Naples faces directly to the sea, but what many don’t know is that the port of Naples is one of the most ancient in Europe. Its history is fascinating, characterized and enriched by all the changes the city went through across its path.
History of the port of Naples
The harbor was originally founded by the Greeks. More precisely, a group happened to land on the coast of what today is called Cuma. The group decided to expand eastwards, that’s when they founded a new port in Neapolis (which means “new city”). After the Greek domination, the port was expanded by Romans but it was with Angevins and Bourbons that it reached its maximum splendor.
For instance, after Greek and Roman dominations, the port has always been a military one. However, over time it acquired more and more a key role in maritime traffic and commerce, assuming increasing importance and becoming one of the main ports of the Mediterranean.

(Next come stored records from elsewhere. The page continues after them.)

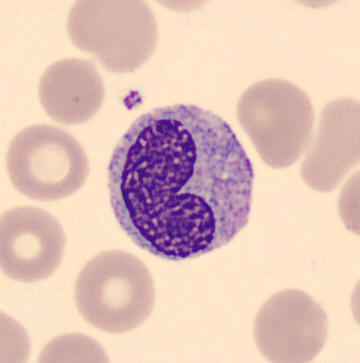A monocyte on a peripheral blood smear.
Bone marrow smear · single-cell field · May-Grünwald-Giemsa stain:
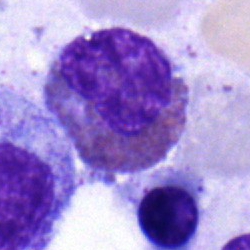 Cell type — eosinophilic granulocyte.
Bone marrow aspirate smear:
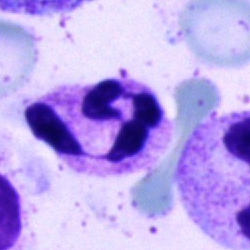 Morphology — polymorphonuclear neutrophil.
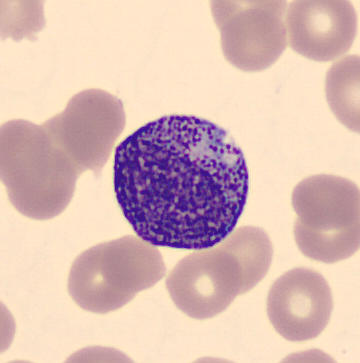

Classification = myelocyte.
Preparation: Imaged on a CellaVision DM96 analyser · peripheral blood smear.
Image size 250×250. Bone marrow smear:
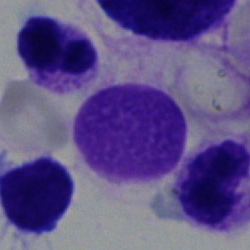 Specimen: bone marrow smear.
Classification: artifact.
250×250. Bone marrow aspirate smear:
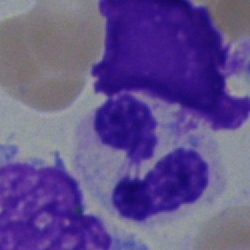
Cell type = segmented neutrophil.
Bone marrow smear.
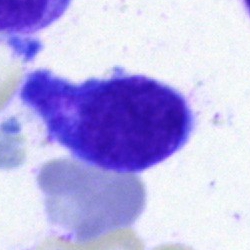
The cell shown is a lymphocyte.
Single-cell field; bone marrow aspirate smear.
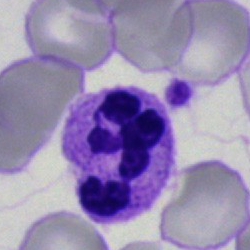 This is a neutrophil (segmented).
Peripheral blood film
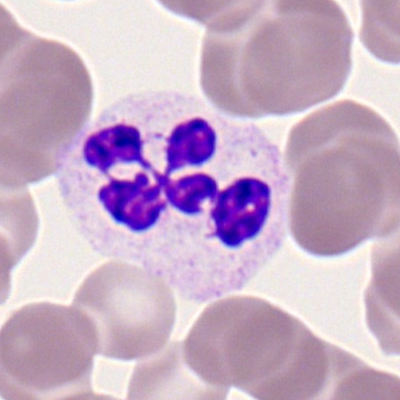

Single cell identified as a polymorphonuclear neutrophil.
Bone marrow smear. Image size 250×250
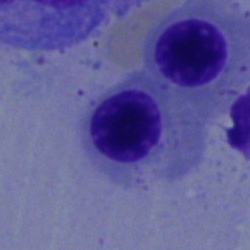
Morphological class — normoblast.
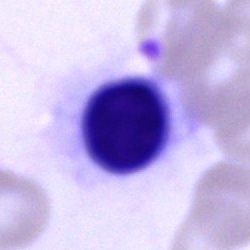 An unidentifiable cell.
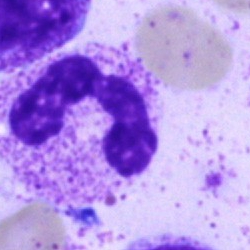Neutrophil (segmented).
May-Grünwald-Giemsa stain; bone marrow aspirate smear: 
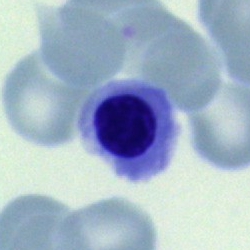 Cell: nucleated red cell.
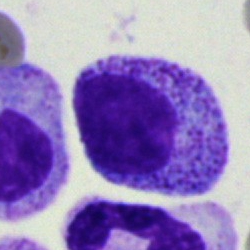Cell type — myelocyte.
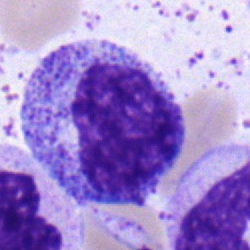Showing a myelocyte.
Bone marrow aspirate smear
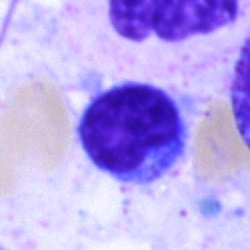 Specimen: bone marrow smear.
Morphological class: lymphocyte.
Lineage: lymphoid.
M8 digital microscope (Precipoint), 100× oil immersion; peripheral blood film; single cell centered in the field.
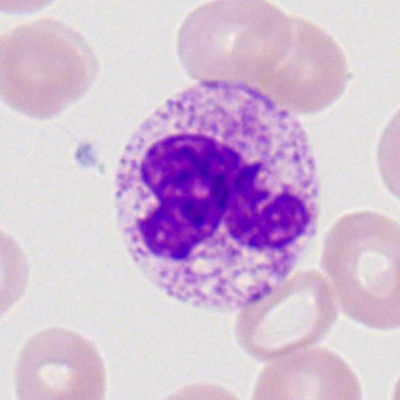

Specimen: peripheral blood smear.
Morphological class: neutrophil (segmented).
Lineage: myeloid.
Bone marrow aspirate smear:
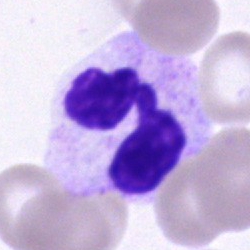
Cell = polymorphonuclear neutrophil.
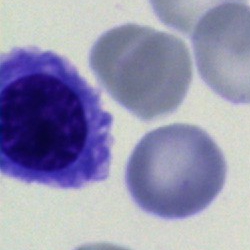 A normoblast on a bone marrow smear.
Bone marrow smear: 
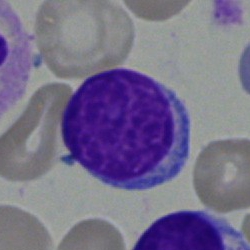 Specimen: bone marrow smear.
Cell: typical lymphocyte.
Lineage: lymphoid.
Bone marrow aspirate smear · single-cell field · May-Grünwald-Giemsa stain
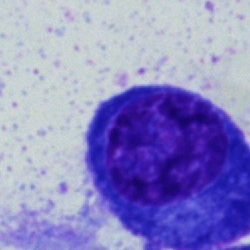
Specimen: bone marrow smear.
Morphological class: plasma cell.
Lineage: lymphoid.
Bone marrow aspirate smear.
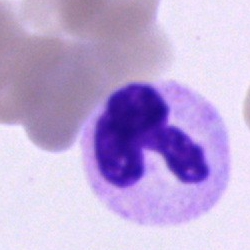

This is a neutrophil (segmented).
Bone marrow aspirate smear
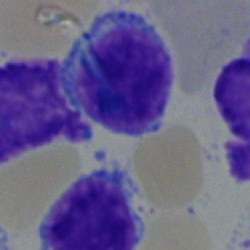
Q: What is shown here?
A: It is a lymphocyte.
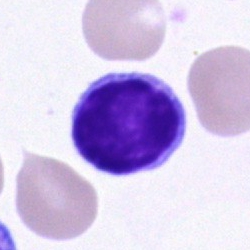 Classification — typical lymphocyte.
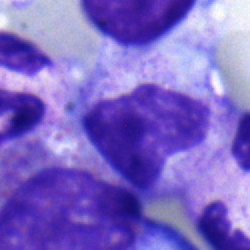Morphology consistent with a metamyelocyte.
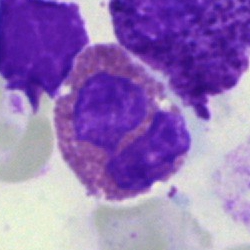
An eosinophil on a bone marrow smear.
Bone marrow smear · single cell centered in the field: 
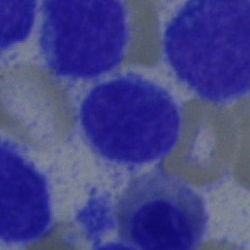 The cell shown is a lymphocyte.
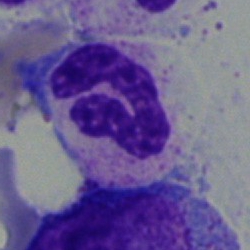Impression — neutrophil (band).
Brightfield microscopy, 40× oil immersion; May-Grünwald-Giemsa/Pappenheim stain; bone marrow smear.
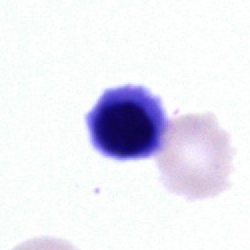

The morphological class is nucleated red cell.
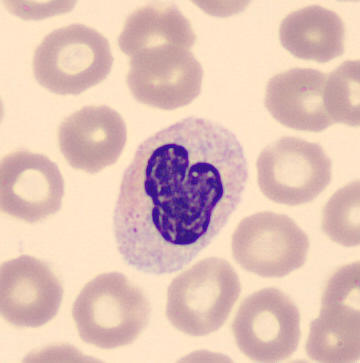

Image: Peripheral blood film. Q: Identify the cell.
A: It is a neutrophil (band).
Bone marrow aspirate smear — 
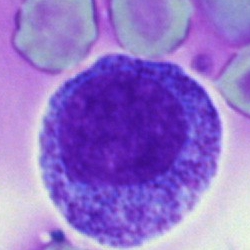

Single cell identified as a progranulocyte.
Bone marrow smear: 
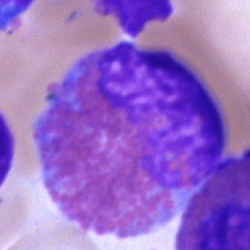
Q: What is the morphological classification of this cell?
A: It is an eosinophil.
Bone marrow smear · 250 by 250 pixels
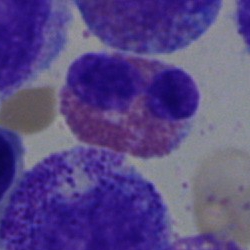

This is an eosinophil.
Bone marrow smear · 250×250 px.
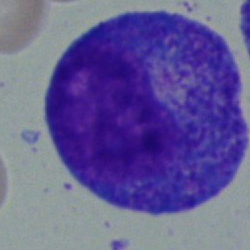The cell type is progranulocyte.
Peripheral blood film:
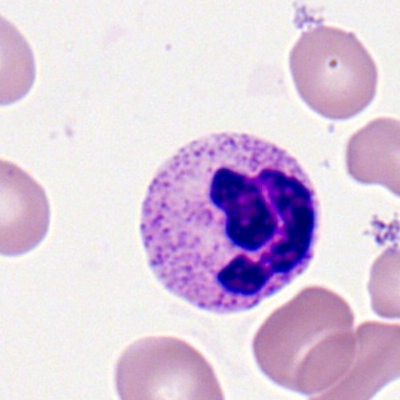 The cell type is segmented neutrophil.
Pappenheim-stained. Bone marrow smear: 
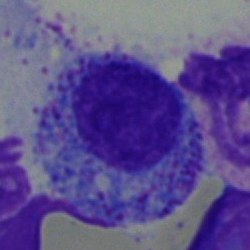
Q: What is the morphological classification of this cell?
A: Myelocyte.
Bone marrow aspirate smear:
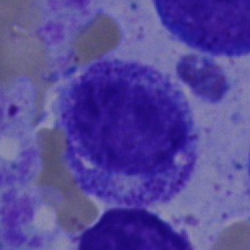
Myelocyte.
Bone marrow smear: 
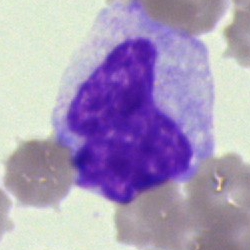 Morphological class: artefact.

For example under the kingdom of the Angevin and then the Aragonese, there has been the creation of the Angevin wharf opposite the Angevin Male and a new arm, the so-called Alfonsino arm, eastward from the great pier during Spanish domination.
Port of Naples today
Most maritime traffic is concentrated in the two most important and central piers.
The Angioino pier, intended for the landing of cruise ships, with the famous Maritime Station. The Molo Beverello, here the hydrofoils that connect Naples with the islands of the Gulf (Capri, Ischia, Procida) dock. Calata di Massa, from here ferries and fast ships leave.
The port of Naples is located in front of the city center, many places of historical and artistic interest are therefore quite close and within walking distance.